Report every line of the records below that contains the word "opacity".
_ _ _ _ _ _ _
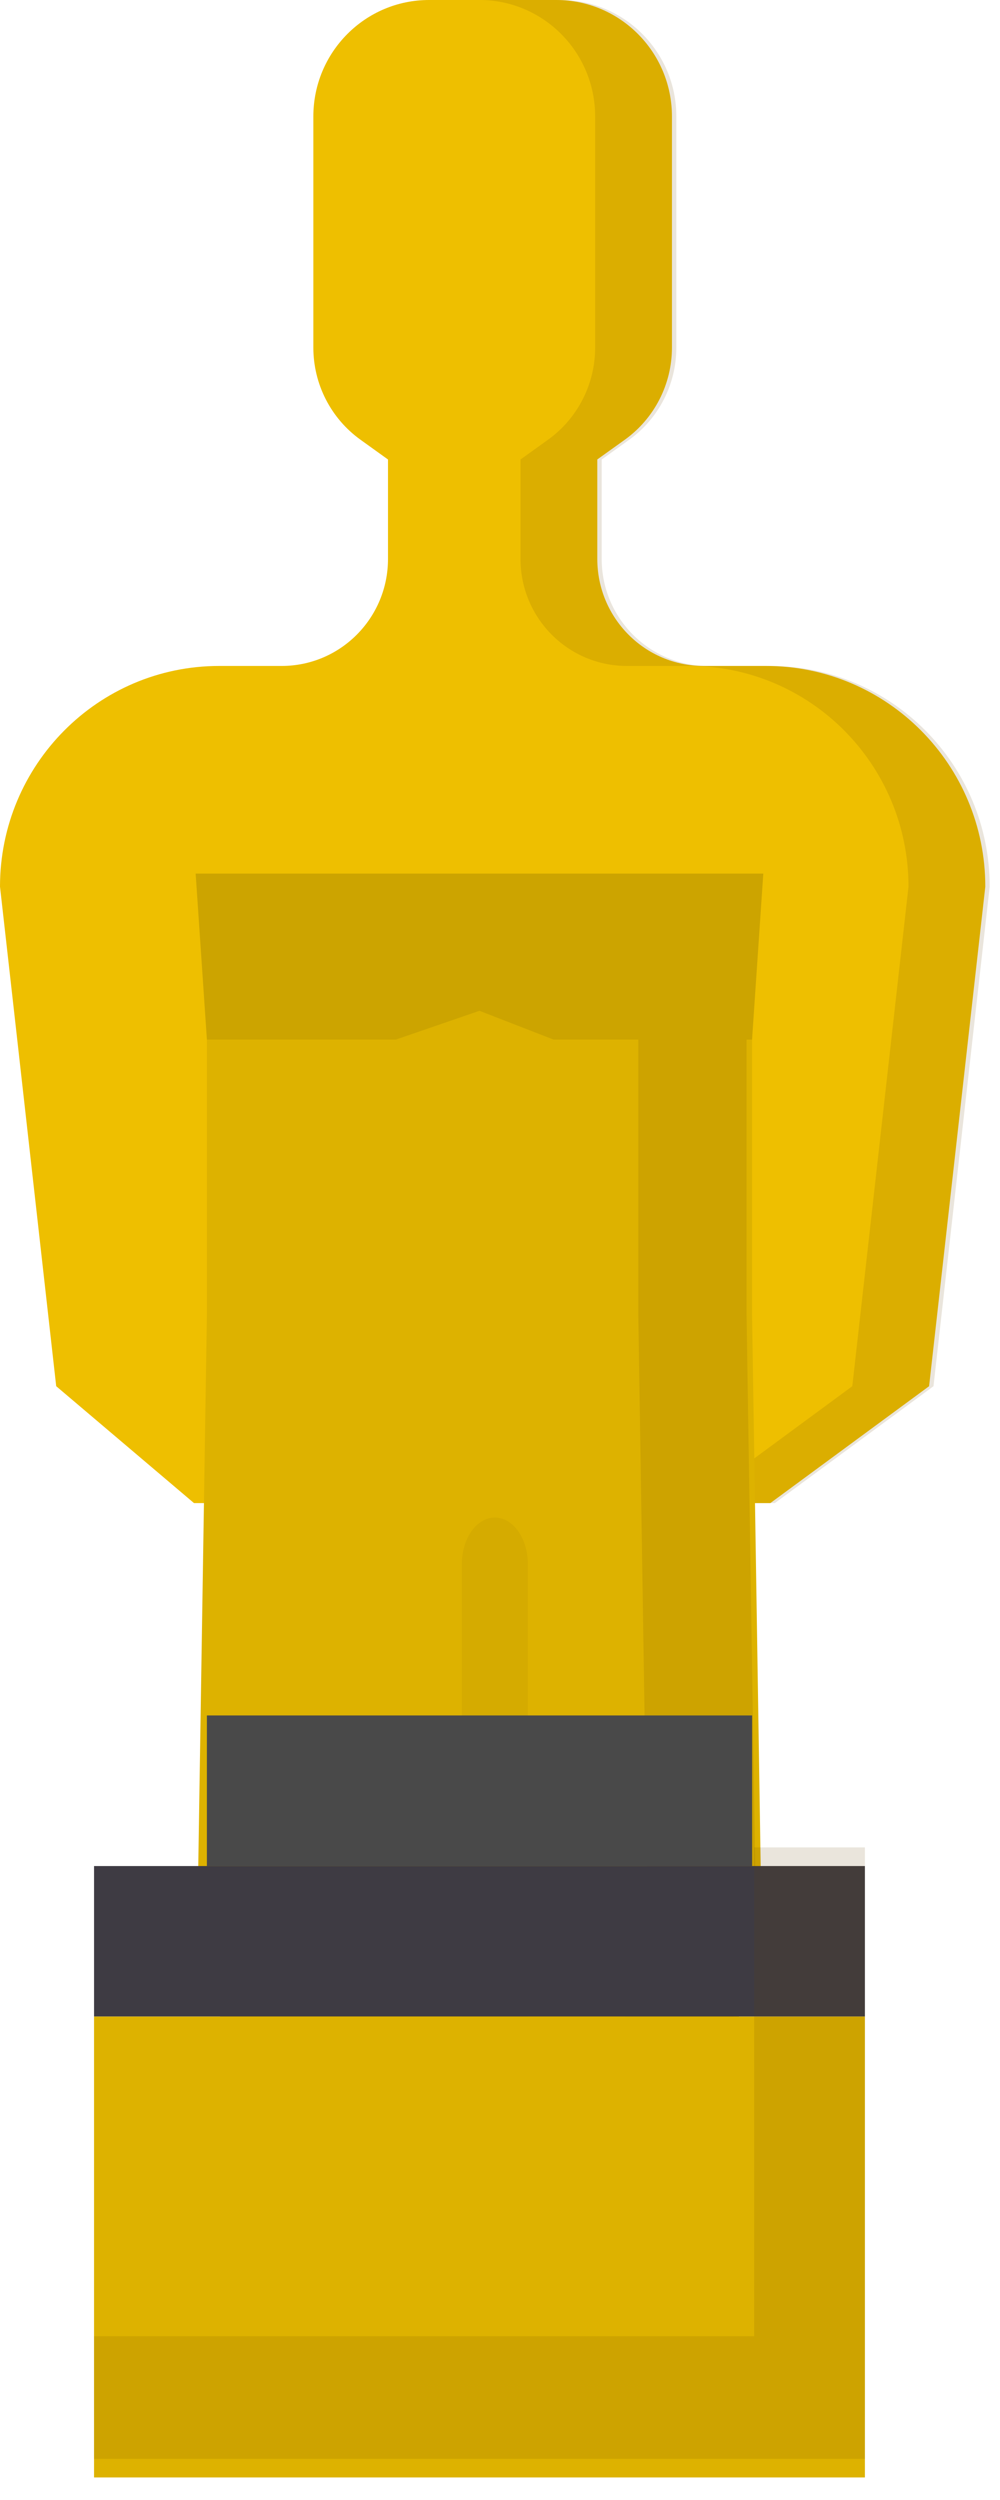 <svg width="20" height="50" viewBox="0 0 20 50" fill="none" xmlns="http://www.w3.org/2000/svg">
<path d="M15.408 30.061L18.582 27.724L19.706 17.733C19.706 15.295 17.743 13.319 15.322 13.319H14.073C12.898 13.319 11.946 12.361 11.946 11.178V9.189L12.497 8.794C13.088 8.369 13.439 7.683 13.439 6.951V2.329C13.439 1.043 12.403 0 11.126 0H8.581C7.303 0 6.267 1.043 6.267 2.329V6.952C6.267 7.683 6.618 8.369 7.209 8.794L7.76 9.19V11.178C7.76 12.361 6.808 13.319 5.633 13.319H4.384C1.963 13.319 0 15.295 0 17.733L0.244 19.897L1.124 27.724L3.88 30.062H15.408V30.061Z" fill="#EEBF00"/>
<path opacity="0.14" d="M15.409 13.319H14.161C12.986 13.319 12.034 12.361 12.034 11.178V9.19L12.585 8.794C13.176 8.369 13.527 7.683 13.527 6.952V2.329C13.527 1.043 12.491 0 11.213 0H9.589C10.867 0 11.903 1.043 11.903 2.329V6.952C11.903 7.683 11.552 8.369 10.961 8.794L10.41 9.19V11.178C10.41 12.361 11.362 13.319 12.537 13.319H13.786C16.207 13.319 18.17 15.295 18.17 17.733L17.046 27.724L13.872 30.062H15.496L18.67 27.724L19.794 17.733C19.794 15.295 17.831 13.319 15.409 13.319Z" fill="#664400"/>
<path d="M15.041 19.132V26.287L15.222 37.854L13.155 49.42H6.024L3.957 37.854L4.138 26.287V20.792L15.041 19.132Z" fill="#DDB200"/>
<path opacity="0.14" d="M14.931 26.287V19.132L12.766 19.461V26.287L12.947 37.854L10.88 49.42H13.045L15.112 37.854L14.931 26.287Z" fill="#664400"/>
<g opacity="0.25">
<path opacity="0.25" d="M9.897 48.825C9.532 48.825 9.237 48.409 9.237 47.895V31.28C9.237 30.767 9.532 30.351 9.897 30.351C10.261 30.351 10.557 30.767 10.557 31.28V47.895C10.557 48.409 10.261 48.825 9.897 48.825Z" fill="#664400"/>
</g>
<path d="M17.298 37.321H1.881V40.331H17.298V37.321Z" fill="#3E3B43"/>
<path d="M1.881 40.331H17.298V49.549H1.881V47.572V40.331Z" fill="#DDB200"/>
<path opacity="0.14" d="M15.083 36.948V37.507V46.725H1.881V47.2V49.177H17.298V39.959V36.948H15.083Z" fill="#664400"/>
<path d="M15.042 34.309H4.138V37.32H15.042V34.309Z" fill="#494949"/>
<path d="M15.266 17.472L15.041 20.792H11.072L9.589 20.216L7.916 20.792H4.138L3.913 17.472H15.266Z" fill="#CCA400"/>
</svg>
_ _ _ _ _ _ _
*SOLUTION FOR THIS EXERCISE:*
<path opacity="0.14" d="M15.409 13.319H14.161C12.986 13.319 12.034 12.361 12.034 11.178V9.19L12.585 8.794C13.176 8.369 13.527 7.683 13.527 6.952V2.329C13.527 1.043 12.491 0 11.213 0H9.589C10.867 0 11.903 1.043 11.903 2.329V6.952C11.903 7.683 11.552 8.369 10.961 8.794L10.41 9.19V11.178C10.41 12.361 11.362 13.319 12.537 13.319H13.786C16.207 13.319 18.17 15.295 18.17 17.733L17.046 27.724L13.872 30.062H15.496L18.67 27.724L19.794 17.733C19.794 15.295 17.831 13.319 15.409 13.319Z" fill="#664400"/>
<path opacity="0.14" d="M14.931 26.287V19.132L12.766 19.461V26.287L12.947 37.854L10.88 49.42H13.045L15.112 37.854L14.931 26.287Z" fill="#664400"/>
<g opacity="0.25">
<path opacity="0.25" d="M9.897 48.825C9.532 48.825 9.237 48.409 9.237 47.895V31.28C9.237 30.767 9.532 30.351 9.897 30.351C10.261 30.351 10.557 30.767 10.557 31.28V47.895C10.557 48.409 10.261 48.825 9.897 48.825Z" fill="#664400"/>
<path opacity="0.14" d="M15.083 36.948V37.507V46.725H1.881V47.2V49.177H17.298V39.959V36.948H15.083Z" fill="#664400"/>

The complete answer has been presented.